BACKGROUND The prevalence of female genital tract anomalies is around 4-6.9%. Vaginal agenesis is a form of Müllerian agenesis and defined as the congenital absence of the vagina. It affects 1 in 5000 women. During normal fetal development, the Müllerian ducts combine to form the uterus, fallopian tubes, and most of the vagina. However, in cases of vaginal agenesis, the Müllerian ducts fail to fuse to form the upper part of the vagina. This report presents the case of an 11-year-old girl with vaginal agenesis evaluated using ultrasound. CASE REPORT An 11-year-old girl, Tanner stage II, presented with cyclic abdominal pain for 3 months and no menarche.
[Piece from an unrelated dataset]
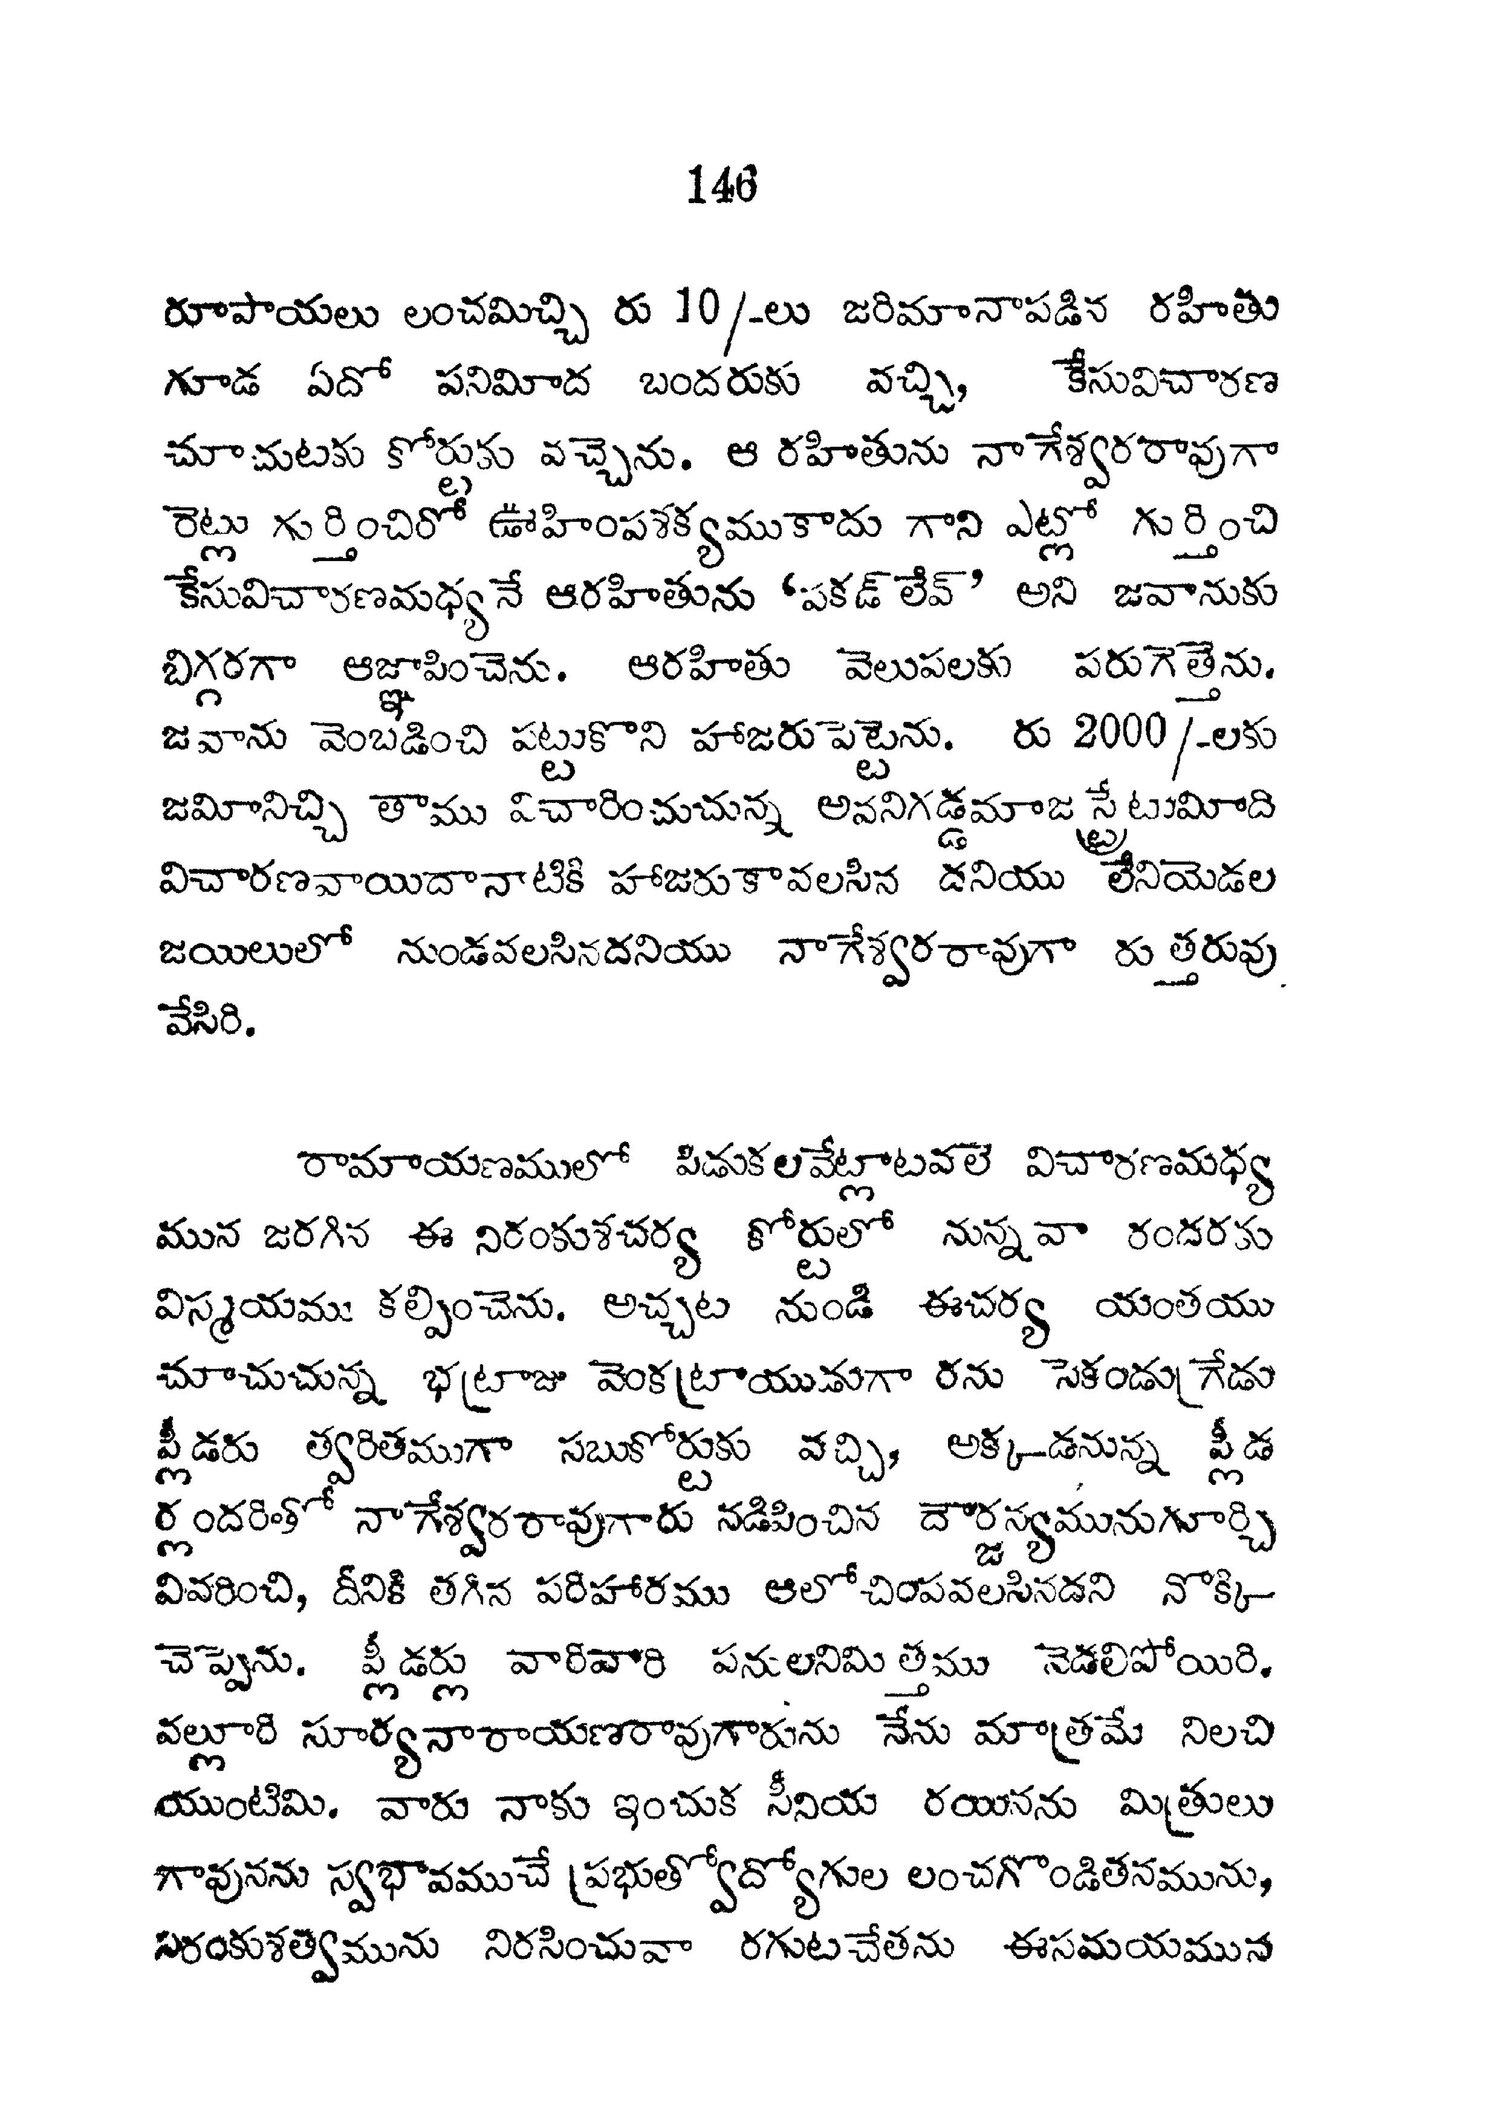రూపాయలు లంచమిచ్చి రు 10/- లు జరిమానాపడిన రహితు గూడ ఏదో పనిమీద బందరుకు వచ్చి, కేసువిచారణ చూచుటకు కోర్టుకు వచ్చెను. ఆ రహితును నాగేశ్వరరావుగారెట్లు గుర్తించిరో ఊహింపశక్యముకాదు గాని ఎట్లో గుర్తించి కేసువిచారణమధ్యనే ఆరహితును 'పకడ్‌లేవ్‌' అని జవానుకు బిగ్గరగా ఆజ్ఞాపించెను. ఆరహితు వెలుపలకు పరుగెత్తెను. జవాను వెంబడించి పట్టుకొని హాజరుపెట్టెను. రు 2000/-లకు జమీనిచ్చి తాము విచారించుచున్న అవనిగడ్డమాజస్ట్రేటుమీది విచారణవాయిదానాటికి హాజరుకావలసిన దనియు లేనియెడల జయిలులో నుండవలసినదనియు నాగేశ్వరరావుగా రుత్తరువు వేసిరి.

రామాయణములో పిడుకలవేట్లాటవలె విచారణమధ్యమున జరగిన ఈ నిరంకుశచర్య కోర్టులో నున్నవా రందరకు విస్మయము కల్పించెను. అచ్చట నుండి ఈచర్య యంతయు చూచుచున్న భట్రాజు వెంకట్రాయుడుగా రను సెకండుగ్రేడు ప్లీడరు త్వరితముగా సబుకోర్టుకు వచ్చి, అక్కడనున్న ప్లీడర్లందరితో నాగేశ్వరరావుగారు నడిపించిన దౌర్జన్యమునుగూర్చి వివరించి, దీనికి తగిన పరిహారము ఆలోచింపవలసినదని నొక్కి చెప్పెను. ప్లీడర్లు వారివారి పనులనిమిత్తము వెడలిపోయిరి. వల్లూరి సూర్యనారాయణరావుగారును నేను మాత్రమే నిలచి యుంటిమి. వారు నాకు ఇంచుక సీనియ రయినను మిత్రులు గావునను స్వభావముచే ప్రభుత్వోద్యోగుల లంచగొండితనమును, నిరంకుశత్వమును నిరసించువా రగుటచేతను ఈసమయమున

After a hymenectomy for imperforate hymen in January 2023 failed to relieve symptoms, she was referred to our hospital. Physical examination showed a tender lower abdomen with no genital abnormalities. Transabdominal ultrasound was inconclusive for differentiating between a transverse vaginal septum and cervical agenesis with hematometra, and magnetic resonance imaging suggested hematometrocolpos due to a transverse vaginal septum. Intraoperatively, distal vaginal agenesis was identified, and vaginoplasty was performed, evacuating 200 mL of thick blood. The cervix and uterus were normal, and postoperative management included gradual vaginal dilation with a soft mold. This case highlights the diagnostic challenges of distal vaginal agenesis, particularly in patients with a history of imperforate hymen. CONCLUSIONS This report emphasizes the importance of accurate imaging and clinical evaluation in diagnosing reproductive anomalies such as distal vaginal agenesis. Developing techniques to enhance the specificity of imaging modalities is crucial for distinguishing vaginal agenesis from a transverse vaginal septum, ensuring appropriate surgical management and better patient outcomes.